*DATASET CONTENT*:

:::::

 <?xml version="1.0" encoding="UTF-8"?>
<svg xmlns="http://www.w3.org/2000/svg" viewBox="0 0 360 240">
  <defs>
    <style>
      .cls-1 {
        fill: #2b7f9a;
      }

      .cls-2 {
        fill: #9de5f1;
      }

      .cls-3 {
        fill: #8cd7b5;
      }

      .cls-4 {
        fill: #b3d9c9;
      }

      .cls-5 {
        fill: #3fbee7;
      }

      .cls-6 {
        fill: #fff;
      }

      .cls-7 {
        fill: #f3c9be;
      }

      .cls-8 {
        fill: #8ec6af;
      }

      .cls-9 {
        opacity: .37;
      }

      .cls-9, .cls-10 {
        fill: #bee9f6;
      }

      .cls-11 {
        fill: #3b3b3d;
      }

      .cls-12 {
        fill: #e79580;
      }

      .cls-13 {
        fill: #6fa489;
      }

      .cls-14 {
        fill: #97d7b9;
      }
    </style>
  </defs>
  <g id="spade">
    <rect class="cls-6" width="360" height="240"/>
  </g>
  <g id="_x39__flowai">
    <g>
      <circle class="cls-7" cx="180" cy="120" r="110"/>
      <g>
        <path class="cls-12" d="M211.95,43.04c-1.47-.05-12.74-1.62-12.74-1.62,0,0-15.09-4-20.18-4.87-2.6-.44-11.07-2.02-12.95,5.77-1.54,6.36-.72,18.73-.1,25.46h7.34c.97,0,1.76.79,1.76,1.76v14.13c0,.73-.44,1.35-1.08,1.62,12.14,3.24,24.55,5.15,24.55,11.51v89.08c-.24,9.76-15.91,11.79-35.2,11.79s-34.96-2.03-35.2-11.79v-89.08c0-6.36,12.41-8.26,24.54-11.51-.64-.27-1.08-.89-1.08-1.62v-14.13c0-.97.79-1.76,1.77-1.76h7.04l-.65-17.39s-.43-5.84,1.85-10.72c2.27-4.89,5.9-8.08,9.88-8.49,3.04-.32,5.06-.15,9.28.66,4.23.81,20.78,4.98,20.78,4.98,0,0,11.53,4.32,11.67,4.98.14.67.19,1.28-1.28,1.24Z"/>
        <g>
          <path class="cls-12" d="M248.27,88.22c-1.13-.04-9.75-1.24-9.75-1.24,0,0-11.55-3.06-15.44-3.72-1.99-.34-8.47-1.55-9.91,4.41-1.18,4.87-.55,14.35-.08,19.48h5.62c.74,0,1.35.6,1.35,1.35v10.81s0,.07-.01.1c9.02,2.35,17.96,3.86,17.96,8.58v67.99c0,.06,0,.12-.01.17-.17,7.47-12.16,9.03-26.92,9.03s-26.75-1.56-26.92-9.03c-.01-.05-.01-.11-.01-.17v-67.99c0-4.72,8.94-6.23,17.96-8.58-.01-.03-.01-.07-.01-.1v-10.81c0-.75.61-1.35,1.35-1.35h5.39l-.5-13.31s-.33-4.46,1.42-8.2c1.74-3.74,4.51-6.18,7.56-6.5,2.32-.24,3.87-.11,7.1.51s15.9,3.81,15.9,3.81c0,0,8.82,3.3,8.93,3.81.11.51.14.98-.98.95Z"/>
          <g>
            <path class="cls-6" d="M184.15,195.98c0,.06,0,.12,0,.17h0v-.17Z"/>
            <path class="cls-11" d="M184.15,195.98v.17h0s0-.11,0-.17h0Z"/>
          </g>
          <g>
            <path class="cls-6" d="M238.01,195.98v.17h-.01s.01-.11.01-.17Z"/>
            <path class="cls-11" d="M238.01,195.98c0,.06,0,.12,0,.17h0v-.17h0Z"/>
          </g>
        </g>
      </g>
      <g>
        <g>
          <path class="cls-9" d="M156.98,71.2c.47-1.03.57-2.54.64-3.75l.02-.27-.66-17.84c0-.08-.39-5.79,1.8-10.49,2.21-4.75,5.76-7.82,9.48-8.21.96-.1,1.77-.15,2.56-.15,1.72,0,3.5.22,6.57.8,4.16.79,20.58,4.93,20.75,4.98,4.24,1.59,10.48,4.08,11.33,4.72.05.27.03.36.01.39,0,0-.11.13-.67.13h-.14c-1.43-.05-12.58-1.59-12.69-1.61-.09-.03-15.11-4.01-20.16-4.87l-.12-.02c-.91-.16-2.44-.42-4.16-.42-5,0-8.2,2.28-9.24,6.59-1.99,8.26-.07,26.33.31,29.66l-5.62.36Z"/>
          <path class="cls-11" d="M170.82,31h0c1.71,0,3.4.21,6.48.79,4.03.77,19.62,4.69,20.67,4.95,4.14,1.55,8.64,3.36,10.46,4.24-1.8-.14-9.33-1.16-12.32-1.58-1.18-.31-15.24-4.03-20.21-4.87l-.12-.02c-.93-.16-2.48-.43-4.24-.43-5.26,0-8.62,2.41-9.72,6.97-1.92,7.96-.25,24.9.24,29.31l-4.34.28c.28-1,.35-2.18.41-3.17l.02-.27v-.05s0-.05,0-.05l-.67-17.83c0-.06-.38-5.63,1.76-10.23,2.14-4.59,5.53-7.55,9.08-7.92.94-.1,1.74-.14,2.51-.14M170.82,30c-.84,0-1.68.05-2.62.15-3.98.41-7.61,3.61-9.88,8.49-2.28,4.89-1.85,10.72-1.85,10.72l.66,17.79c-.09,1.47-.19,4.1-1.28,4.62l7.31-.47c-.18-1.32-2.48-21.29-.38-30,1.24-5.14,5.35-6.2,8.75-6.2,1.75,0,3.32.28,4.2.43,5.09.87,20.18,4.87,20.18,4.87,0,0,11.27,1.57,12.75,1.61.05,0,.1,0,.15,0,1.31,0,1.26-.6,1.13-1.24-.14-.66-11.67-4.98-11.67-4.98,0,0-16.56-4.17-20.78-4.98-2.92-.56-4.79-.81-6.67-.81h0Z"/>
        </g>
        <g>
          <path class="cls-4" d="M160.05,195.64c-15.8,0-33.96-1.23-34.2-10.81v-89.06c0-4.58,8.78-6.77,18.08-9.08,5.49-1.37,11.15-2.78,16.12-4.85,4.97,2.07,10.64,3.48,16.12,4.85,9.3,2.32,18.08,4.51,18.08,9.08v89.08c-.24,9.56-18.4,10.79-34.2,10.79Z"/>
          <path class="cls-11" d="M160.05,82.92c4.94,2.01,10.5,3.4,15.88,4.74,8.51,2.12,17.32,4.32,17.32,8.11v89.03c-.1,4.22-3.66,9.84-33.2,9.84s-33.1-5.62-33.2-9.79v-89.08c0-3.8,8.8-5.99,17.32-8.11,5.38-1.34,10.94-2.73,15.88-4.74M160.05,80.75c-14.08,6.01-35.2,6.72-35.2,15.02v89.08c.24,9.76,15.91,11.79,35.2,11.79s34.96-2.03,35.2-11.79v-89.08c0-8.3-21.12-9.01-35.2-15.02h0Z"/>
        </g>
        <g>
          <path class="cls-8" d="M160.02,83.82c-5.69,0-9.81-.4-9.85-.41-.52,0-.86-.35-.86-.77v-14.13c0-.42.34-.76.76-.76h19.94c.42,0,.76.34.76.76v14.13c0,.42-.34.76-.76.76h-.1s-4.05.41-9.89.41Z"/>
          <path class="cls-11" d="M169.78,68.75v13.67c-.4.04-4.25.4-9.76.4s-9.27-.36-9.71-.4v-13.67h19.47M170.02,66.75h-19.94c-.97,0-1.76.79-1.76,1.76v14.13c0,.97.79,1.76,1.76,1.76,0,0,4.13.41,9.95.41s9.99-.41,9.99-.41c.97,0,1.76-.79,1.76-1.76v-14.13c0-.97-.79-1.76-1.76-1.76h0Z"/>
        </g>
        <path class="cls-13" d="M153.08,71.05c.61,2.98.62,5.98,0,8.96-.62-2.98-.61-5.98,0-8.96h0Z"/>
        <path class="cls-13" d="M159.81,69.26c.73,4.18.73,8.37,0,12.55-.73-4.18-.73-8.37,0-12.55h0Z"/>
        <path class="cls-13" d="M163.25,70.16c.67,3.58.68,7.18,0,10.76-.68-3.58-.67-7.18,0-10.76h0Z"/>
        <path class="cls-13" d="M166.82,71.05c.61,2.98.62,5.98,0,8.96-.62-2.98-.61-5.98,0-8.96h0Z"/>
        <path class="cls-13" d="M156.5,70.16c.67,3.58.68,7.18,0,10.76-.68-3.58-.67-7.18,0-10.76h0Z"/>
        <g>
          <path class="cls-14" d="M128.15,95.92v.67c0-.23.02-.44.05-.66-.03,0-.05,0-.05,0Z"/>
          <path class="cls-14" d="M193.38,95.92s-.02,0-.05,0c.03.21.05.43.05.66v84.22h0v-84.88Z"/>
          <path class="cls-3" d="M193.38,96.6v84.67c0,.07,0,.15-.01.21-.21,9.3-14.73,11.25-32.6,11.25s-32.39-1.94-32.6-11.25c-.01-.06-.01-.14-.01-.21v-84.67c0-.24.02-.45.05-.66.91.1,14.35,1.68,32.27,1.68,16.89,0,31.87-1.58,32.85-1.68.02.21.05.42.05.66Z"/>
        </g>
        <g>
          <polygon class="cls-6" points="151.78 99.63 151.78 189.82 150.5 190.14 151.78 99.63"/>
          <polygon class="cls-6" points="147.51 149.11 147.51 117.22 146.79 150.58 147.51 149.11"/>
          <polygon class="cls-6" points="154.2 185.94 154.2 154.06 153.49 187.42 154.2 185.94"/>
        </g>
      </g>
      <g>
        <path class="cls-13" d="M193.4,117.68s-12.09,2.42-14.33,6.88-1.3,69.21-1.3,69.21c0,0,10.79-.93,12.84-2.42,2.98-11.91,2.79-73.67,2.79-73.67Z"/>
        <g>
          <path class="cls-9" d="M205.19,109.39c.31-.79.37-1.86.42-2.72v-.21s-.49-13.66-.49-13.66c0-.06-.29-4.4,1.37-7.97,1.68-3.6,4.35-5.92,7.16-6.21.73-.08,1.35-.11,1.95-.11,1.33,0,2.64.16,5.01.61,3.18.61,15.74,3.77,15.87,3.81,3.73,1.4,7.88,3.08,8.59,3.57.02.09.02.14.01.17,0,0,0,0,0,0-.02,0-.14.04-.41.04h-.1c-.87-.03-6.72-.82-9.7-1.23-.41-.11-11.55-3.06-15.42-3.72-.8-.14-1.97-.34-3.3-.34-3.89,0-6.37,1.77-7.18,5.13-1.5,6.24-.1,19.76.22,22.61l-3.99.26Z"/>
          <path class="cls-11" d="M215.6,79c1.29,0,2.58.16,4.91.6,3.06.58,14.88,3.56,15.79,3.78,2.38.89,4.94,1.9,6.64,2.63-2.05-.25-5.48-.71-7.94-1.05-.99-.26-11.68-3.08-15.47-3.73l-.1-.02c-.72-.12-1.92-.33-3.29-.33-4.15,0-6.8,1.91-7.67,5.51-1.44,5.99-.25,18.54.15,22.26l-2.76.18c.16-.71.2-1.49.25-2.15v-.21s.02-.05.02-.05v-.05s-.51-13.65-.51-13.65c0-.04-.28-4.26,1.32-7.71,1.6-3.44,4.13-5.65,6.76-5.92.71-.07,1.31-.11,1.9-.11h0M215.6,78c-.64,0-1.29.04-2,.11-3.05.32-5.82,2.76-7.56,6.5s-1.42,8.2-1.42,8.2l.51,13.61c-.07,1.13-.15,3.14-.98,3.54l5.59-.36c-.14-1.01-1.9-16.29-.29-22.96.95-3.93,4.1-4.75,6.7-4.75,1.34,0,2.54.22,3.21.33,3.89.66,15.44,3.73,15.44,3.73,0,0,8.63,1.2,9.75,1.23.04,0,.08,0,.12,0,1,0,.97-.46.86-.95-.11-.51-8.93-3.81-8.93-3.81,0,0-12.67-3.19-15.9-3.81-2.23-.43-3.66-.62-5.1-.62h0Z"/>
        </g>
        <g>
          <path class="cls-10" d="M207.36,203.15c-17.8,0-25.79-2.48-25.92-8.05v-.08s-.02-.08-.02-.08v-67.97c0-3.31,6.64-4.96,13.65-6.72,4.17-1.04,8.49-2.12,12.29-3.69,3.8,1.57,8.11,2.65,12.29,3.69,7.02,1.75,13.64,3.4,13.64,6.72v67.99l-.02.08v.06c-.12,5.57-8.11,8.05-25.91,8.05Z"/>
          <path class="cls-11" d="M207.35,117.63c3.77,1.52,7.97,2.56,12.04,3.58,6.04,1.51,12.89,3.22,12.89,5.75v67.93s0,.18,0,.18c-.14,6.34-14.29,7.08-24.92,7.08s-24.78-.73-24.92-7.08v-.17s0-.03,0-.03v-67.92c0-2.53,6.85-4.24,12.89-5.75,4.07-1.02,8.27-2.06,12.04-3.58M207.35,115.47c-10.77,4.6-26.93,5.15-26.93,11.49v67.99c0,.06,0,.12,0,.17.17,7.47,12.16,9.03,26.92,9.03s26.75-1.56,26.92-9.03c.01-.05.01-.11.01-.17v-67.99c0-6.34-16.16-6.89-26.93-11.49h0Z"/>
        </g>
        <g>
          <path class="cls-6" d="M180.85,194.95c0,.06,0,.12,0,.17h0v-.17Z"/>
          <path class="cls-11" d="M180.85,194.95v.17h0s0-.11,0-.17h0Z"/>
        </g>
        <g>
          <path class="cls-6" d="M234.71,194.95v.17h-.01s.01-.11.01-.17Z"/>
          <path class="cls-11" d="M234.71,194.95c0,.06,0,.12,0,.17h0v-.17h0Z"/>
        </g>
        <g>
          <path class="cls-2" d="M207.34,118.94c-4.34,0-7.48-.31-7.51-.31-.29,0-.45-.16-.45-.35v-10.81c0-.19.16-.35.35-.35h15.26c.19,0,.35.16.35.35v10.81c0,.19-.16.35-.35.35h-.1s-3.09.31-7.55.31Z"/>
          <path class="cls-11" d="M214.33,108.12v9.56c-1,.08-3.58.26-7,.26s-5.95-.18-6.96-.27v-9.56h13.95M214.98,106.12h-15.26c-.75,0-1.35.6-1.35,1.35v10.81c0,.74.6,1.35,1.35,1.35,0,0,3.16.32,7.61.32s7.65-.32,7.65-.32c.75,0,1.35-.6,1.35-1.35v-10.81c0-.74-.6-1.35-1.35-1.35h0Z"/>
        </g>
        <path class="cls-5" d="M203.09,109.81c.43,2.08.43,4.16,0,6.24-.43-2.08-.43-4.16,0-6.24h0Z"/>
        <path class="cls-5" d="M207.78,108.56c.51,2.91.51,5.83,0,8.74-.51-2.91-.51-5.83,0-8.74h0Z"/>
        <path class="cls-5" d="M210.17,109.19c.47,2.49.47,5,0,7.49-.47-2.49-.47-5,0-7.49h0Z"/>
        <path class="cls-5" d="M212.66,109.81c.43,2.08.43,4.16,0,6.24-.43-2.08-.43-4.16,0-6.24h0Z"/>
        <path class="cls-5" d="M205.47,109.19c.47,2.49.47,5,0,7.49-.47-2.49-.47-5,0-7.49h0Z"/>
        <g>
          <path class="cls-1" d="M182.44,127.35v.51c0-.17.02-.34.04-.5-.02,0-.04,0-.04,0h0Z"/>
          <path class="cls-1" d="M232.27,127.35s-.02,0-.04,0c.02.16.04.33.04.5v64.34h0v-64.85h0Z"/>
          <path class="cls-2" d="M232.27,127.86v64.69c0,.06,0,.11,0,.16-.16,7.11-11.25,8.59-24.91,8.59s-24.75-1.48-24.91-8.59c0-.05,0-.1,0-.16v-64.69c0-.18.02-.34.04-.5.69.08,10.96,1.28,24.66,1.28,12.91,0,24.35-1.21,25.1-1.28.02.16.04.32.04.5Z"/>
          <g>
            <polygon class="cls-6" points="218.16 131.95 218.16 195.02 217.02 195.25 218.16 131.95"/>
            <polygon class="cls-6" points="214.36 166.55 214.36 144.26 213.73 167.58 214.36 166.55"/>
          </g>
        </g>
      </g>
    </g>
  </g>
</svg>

:::::

*EXERCISE DIRECTIONS*: Answer with one number only, the count of lines in the listing that hold the word "polygon".

*COMPLETED TASK*: 5